赵庆海皱眉:“大过年的,说什么晦气话!一点忙都不帮,妈那边怎么说?”“老公,
”我声音放软,“我就是怕妈不高兴,更怕你为难。可我要是累倒了,住院花钱不说,
这个家可怎么办?新阳新月可怎么办?“要不……今年你多担待点?你去跟妈说,我病没好,
不让我干活。妈最听你的了,你可是她最老实、最孝顺的好儿子。
”我特意在“老实”、“孝顺”上加了重音。03赵庆海是家里的老二,性格又木讷,
常常被父母忽视,他就拼命付出、奉献,以博得父母的一点关注,
一辈子困在“孝顺”和“老实”这俩词里。他这人不坏,长得也好,
要不当初我也不能嫁给他。
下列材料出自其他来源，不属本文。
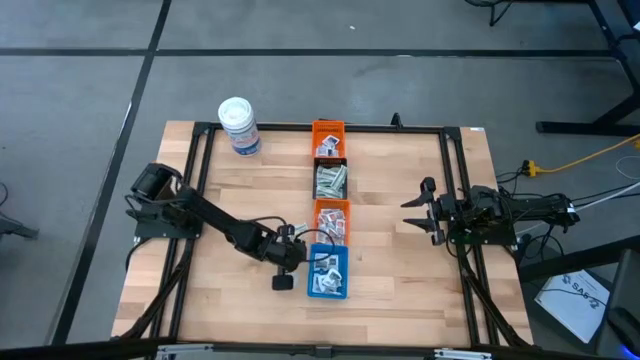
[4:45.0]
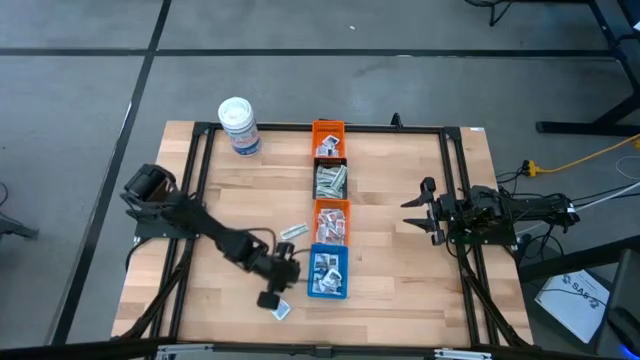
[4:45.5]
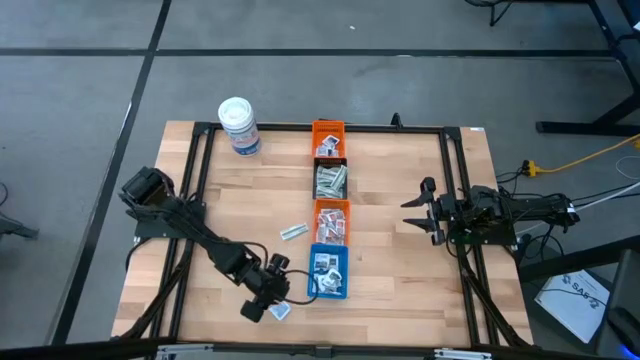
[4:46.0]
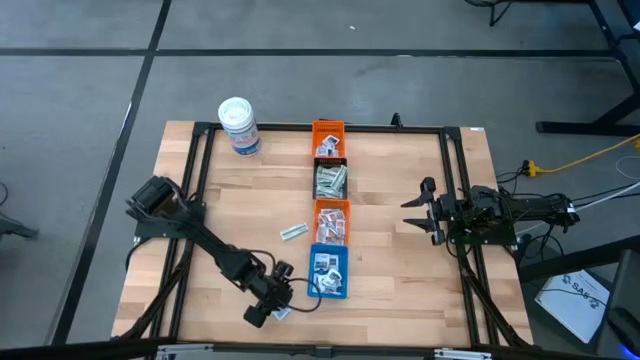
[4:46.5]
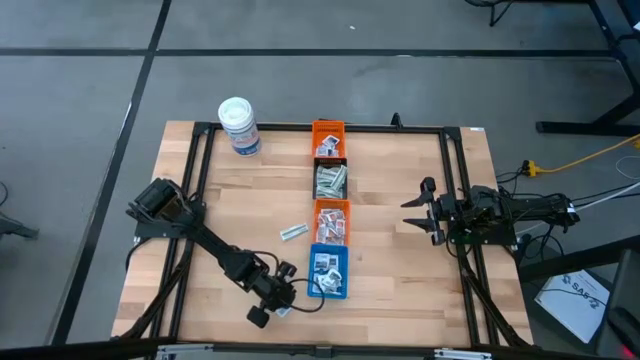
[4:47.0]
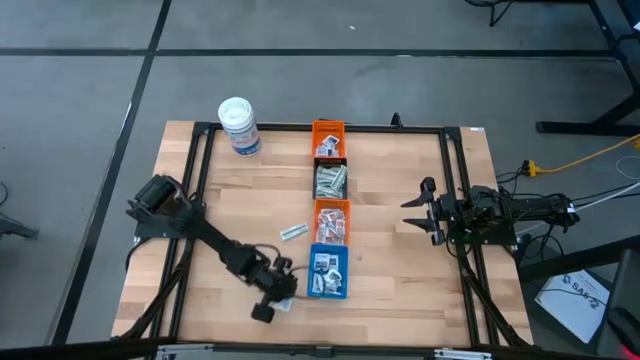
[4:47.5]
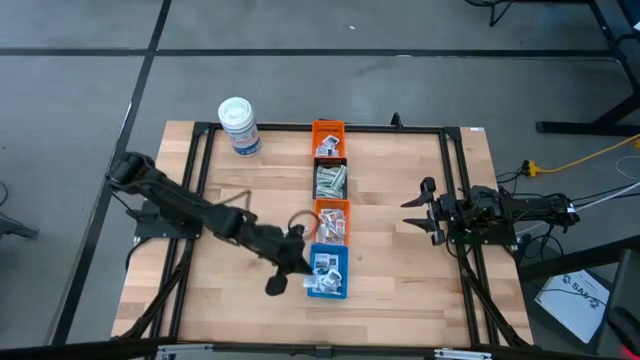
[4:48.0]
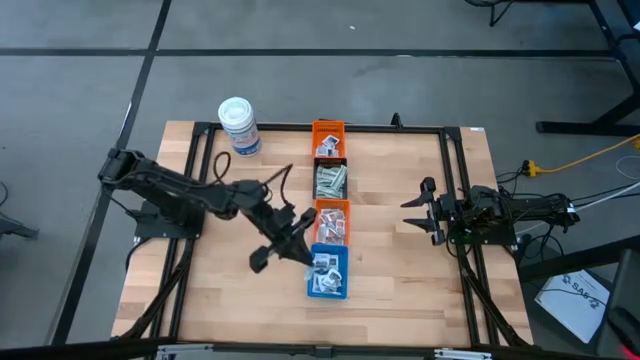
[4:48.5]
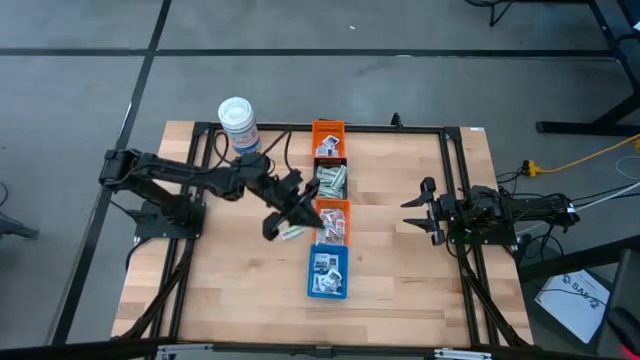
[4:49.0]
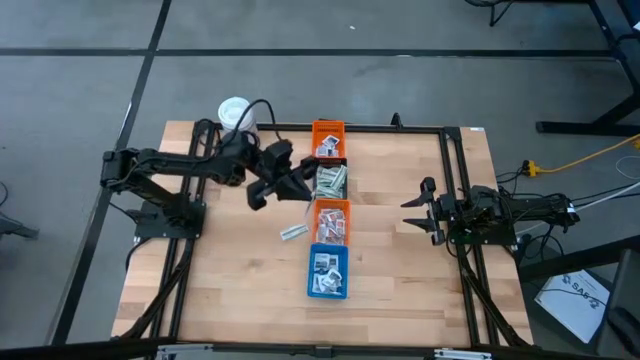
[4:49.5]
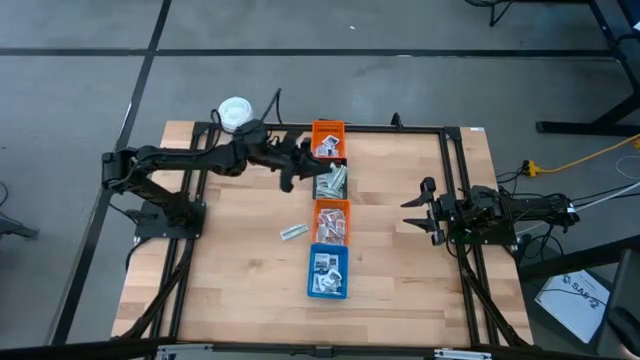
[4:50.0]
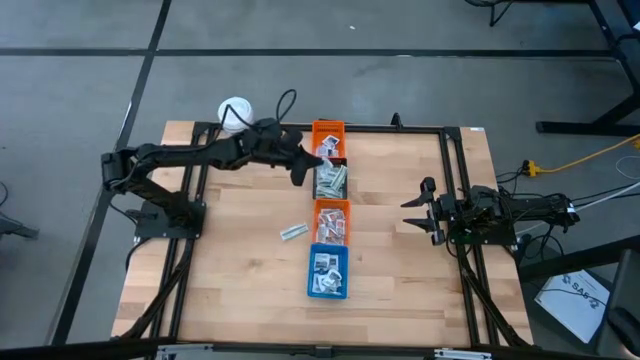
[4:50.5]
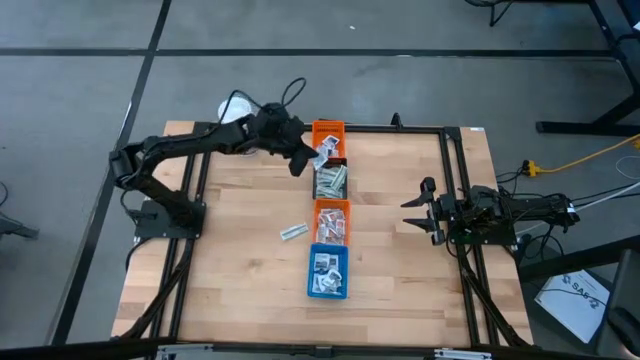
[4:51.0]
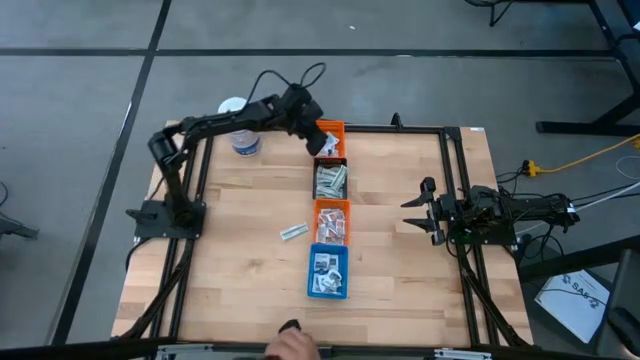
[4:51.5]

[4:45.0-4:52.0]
Put the blue alcohol pad into the top orange bin

就是为人一根筋,愚孝。但是这样的人也有一个好处,
就是好拿捏,上一世他被父母拿捏,被儿女拿捏。这一世嘛,该轮到我了。我刚才那一番话,
尤其是我把他抬到“妈最听你的”这个位置,他脸上是被捧着的舒坦。“那……我去了,
干啥啊?”他搓搓手。我说话腔调娇娇柔柔,眼神里还带上点崇拜:“你就给妈打打下手,
递个碗筷什么的。重活累活,让大哥三弟搭把手呗,你来指挥,
你在这个家里是最能拿事儿的。”随后我又补了一句;“哎,
我今年这身体……我也不想这样的,庆海,但我实在是虚,我都想要不就别跟你回去添乱了,
可是又怕你不带媳妇回家过年让人戳脊梁骨,我咬牙挺着也得跟你回去。
”一番话说得眼泪汪汪,一副为了他我豁出去的样子。实际上我就是想吃顿现成的年夜饭,
回了娘家一样糟心,还不如去婆家躺平。赵庆海瞬间慌了神,
手忙脚乱地给我擦眼泪:“不是不是,你别哭啊,今年保证不让你干活了,到家我就跟妈说!
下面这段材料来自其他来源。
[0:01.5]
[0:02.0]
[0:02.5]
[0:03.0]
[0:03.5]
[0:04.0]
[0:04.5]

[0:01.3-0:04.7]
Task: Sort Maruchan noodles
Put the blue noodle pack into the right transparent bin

”我脸上露出爱慕的表情,拉住他的手:“老公,我就知道你最疼我了,我就在沙发上歇着,
陪大嫂三弟妹说说话,显得咱家也和气。”赵庆海拍着胸脯保证,让我今年过个舒心年。
我虽然重生要做不一样的沈如,但我不想搞什么雌竞,谁规定过年必须女人干活,男人闲着?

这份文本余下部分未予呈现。